**About this task:**
With both ends included, transcribe exactly the records below from their first line to the line that contains "Fr^d. Ringold: and M: Redman call'd".

**Entries supplied:**
========================
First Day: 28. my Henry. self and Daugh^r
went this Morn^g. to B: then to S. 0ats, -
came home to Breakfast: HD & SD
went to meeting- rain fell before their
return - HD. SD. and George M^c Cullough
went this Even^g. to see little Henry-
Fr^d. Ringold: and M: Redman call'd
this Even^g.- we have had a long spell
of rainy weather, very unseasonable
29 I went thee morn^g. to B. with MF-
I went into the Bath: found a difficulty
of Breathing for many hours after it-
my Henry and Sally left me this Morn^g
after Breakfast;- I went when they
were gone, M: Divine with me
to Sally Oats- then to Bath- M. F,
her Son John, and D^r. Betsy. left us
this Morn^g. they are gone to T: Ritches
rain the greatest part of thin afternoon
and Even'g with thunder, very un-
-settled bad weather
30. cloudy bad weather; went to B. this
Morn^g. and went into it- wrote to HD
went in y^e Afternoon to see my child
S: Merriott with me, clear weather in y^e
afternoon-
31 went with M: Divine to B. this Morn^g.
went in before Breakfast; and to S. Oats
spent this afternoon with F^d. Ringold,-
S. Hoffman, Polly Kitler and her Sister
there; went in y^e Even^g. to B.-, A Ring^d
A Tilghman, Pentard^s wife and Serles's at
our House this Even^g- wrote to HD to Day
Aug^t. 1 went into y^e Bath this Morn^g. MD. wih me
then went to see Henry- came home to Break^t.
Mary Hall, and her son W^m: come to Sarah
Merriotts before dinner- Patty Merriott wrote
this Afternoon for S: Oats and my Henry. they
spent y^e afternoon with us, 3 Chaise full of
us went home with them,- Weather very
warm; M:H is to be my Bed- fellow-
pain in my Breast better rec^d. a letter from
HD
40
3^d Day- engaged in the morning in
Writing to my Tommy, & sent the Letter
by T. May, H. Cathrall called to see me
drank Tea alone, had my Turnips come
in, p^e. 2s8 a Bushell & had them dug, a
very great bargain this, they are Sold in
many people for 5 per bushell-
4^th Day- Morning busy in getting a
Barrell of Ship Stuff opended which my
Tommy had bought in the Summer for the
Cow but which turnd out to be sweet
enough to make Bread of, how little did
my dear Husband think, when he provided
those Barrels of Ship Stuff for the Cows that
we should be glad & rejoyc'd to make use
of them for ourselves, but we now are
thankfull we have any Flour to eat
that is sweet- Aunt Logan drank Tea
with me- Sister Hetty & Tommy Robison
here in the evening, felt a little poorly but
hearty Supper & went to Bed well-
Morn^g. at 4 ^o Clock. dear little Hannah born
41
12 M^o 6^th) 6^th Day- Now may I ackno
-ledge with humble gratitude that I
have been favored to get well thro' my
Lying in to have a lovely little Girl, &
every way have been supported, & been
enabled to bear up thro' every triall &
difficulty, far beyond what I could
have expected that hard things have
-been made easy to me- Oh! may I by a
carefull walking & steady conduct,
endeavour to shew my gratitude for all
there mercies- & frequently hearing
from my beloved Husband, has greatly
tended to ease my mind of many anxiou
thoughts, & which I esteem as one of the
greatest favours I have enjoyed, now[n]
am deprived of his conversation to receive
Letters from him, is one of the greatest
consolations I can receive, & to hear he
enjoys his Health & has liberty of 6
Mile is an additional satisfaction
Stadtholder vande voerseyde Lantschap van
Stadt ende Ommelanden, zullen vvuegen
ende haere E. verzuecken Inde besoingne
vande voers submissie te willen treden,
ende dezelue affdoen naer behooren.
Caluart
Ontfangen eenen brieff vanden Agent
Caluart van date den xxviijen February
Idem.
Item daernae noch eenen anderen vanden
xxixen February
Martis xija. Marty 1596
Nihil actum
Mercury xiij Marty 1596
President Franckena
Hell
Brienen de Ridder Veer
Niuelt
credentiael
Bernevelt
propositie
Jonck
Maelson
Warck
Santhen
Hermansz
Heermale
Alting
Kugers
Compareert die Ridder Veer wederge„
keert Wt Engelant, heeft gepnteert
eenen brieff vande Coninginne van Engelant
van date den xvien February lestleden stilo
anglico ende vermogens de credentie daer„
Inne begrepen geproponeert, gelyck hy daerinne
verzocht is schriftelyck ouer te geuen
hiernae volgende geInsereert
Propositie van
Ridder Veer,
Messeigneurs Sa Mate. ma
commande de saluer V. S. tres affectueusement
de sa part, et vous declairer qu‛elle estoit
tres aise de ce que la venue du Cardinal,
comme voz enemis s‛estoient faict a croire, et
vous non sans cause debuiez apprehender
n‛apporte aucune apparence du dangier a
========================
**Your response:**
First Day: 28. my Henry. self and Daugh^r
went this Morn^g. to B: then to S. 0ats, -
came home to Breakfast: HD & SD
went to meeting- rain fell before their
return - HD. SD. and George M^c Cullough
went this Even^g. to see little Henry-
Fr^d. Ringold: and M: Redman call'd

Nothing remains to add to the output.